A: Yes — LangChain ships SelfQueryRetriever adapters for Pinecone, Weaviate, Qdrant, PGVector, and Milvus. The metadata_field_info schema is portable; only the vectorstore constructor changes.
Q: What is the difference between self-querying and HyDE (Hypothetical Document Embeddings)? A: Self-querying extracts structured filters and a semantic query from the question; HyDE generates a hypothetical answer and embeds that instead of the question.

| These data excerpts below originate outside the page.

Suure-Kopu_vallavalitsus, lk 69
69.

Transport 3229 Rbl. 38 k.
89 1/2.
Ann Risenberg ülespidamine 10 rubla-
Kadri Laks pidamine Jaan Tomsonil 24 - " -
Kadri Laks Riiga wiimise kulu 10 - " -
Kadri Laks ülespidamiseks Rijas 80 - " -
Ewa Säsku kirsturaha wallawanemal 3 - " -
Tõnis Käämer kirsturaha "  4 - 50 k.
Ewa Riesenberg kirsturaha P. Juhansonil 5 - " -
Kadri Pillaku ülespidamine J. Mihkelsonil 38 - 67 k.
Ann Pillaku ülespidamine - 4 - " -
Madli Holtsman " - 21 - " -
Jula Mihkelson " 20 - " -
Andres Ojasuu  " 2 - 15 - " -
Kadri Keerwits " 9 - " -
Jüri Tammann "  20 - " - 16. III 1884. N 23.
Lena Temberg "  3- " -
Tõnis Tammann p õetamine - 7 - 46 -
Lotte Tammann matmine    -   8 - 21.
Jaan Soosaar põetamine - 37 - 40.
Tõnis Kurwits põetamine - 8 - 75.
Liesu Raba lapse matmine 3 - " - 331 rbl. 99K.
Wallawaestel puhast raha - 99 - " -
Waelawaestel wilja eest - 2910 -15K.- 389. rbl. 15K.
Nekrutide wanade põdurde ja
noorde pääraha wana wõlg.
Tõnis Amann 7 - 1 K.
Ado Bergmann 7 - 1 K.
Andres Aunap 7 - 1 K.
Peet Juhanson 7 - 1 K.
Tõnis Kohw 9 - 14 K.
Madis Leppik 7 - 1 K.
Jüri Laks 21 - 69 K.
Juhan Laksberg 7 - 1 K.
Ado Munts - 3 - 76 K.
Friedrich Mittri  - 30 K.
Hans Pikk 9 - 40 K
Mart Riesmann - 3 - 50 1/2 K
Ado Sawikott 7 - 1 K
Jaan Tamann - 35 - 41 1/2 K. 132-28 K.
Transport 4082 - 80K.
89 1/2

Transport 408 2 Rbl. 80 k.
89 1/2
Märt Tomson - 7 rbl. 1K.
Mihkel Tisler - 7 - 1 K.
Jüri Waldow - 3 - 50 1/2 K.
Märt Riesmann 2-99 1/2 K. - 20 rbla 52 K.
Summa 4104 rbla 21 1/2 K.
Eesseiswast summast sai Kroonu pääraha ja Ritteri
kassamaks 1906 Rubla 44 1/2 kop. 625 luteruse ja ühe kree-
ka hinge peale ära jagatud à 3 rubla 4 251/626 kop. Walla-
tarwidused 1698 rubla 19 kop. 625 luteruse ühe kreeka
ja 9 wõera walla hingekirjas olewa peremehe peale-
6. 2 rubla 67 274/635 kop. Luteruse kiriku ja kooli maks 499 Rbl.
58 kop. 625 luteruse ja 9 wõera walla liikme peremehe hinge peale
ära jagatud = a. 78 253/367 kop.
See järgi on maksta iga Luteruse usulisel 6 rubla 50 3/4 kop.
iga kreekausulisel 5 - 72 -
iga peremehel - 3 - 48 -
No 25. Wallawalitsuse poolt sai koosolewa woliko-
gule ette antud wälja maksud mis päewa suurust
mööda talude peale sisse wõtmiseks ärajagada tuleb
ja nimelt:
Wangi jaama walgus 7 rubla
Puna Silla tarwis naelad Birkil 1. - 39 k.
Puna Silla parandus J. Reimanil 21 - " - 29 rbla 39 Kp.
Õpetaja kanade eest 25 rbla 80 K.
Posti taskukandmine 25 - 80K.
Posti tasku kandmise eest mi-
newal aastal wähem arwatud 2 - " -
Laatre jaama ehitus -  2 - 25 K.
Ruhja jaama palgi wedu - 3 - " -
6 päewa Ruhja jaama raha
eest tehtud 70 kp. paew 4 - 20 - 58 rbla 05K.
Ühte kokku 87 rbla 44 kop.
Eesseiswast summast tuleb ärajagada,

They solve different problems — use self-querying when your documents have rich metadata; use HyDE when queries are short and semantically sparse.
Q: How much does running the full agentic loop cost in USD?

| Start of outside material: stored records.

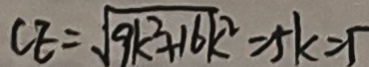
C E = \sqrt { 9 k ^ { 2 } + 1 6 k ^ { 2 } } = 5 k = 5
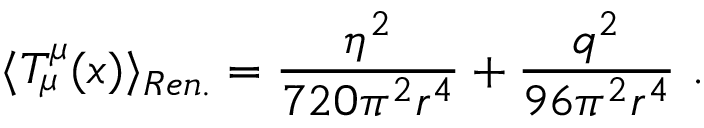
\langle T _ { \mu } ^ { \mu } ( x ) \rangle _ { R e n . } = \frac { \eta ^ { 2 } } { 7 2 0 \pi ^ { 2 } r ^ { 4 } } + \frac { q ^ { 2 } } { 9 6 \pi ^ { 2 } r ^ { 4 } } \ .
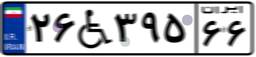
۹۶W۰۰۹۰۵
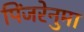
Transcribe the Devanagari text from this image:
पिंजरेनुमा
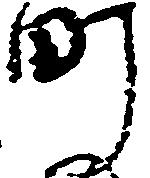
町
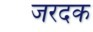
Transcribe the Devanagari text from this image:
जरदक
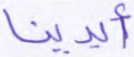
أيدينا
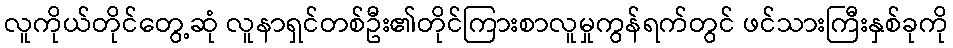
လူကိုယ်တိုင်တွေ့ဆုံ လူနာရှင်တစ်ဦး၏တိုင်ကြားစာလူမှုကွန်ရက်တွင် ဖင်သားကြီးနှစ်ခုကို
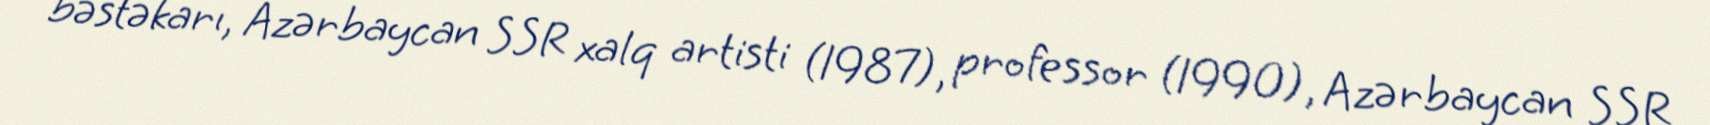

A: A single query with one retry costs roughly $0.003–$0.008 with gpt-4o (grader + rewriter + generator). At 10,000 queries/month that's $30–$80/month — well within AWS us-east-1 free tier for the hosting side.
Q: Can I run this fully self-hosted without OpenAI?
A: Yes. Replace ChatOpenAI with ChatOllama pointing at a local Llama 3.3 70B instance. Self-querying filter quality degrades on models smaller than 13B — test your filter extraction before deploying.
Q: What minimum context window does the LLM need for the grader step? A: The grader concatenates up to 4 document chunks. With 512-token chunks that's ~2,048 tokens of context plus the prompt — any model with an 8K context window handles this comfortably.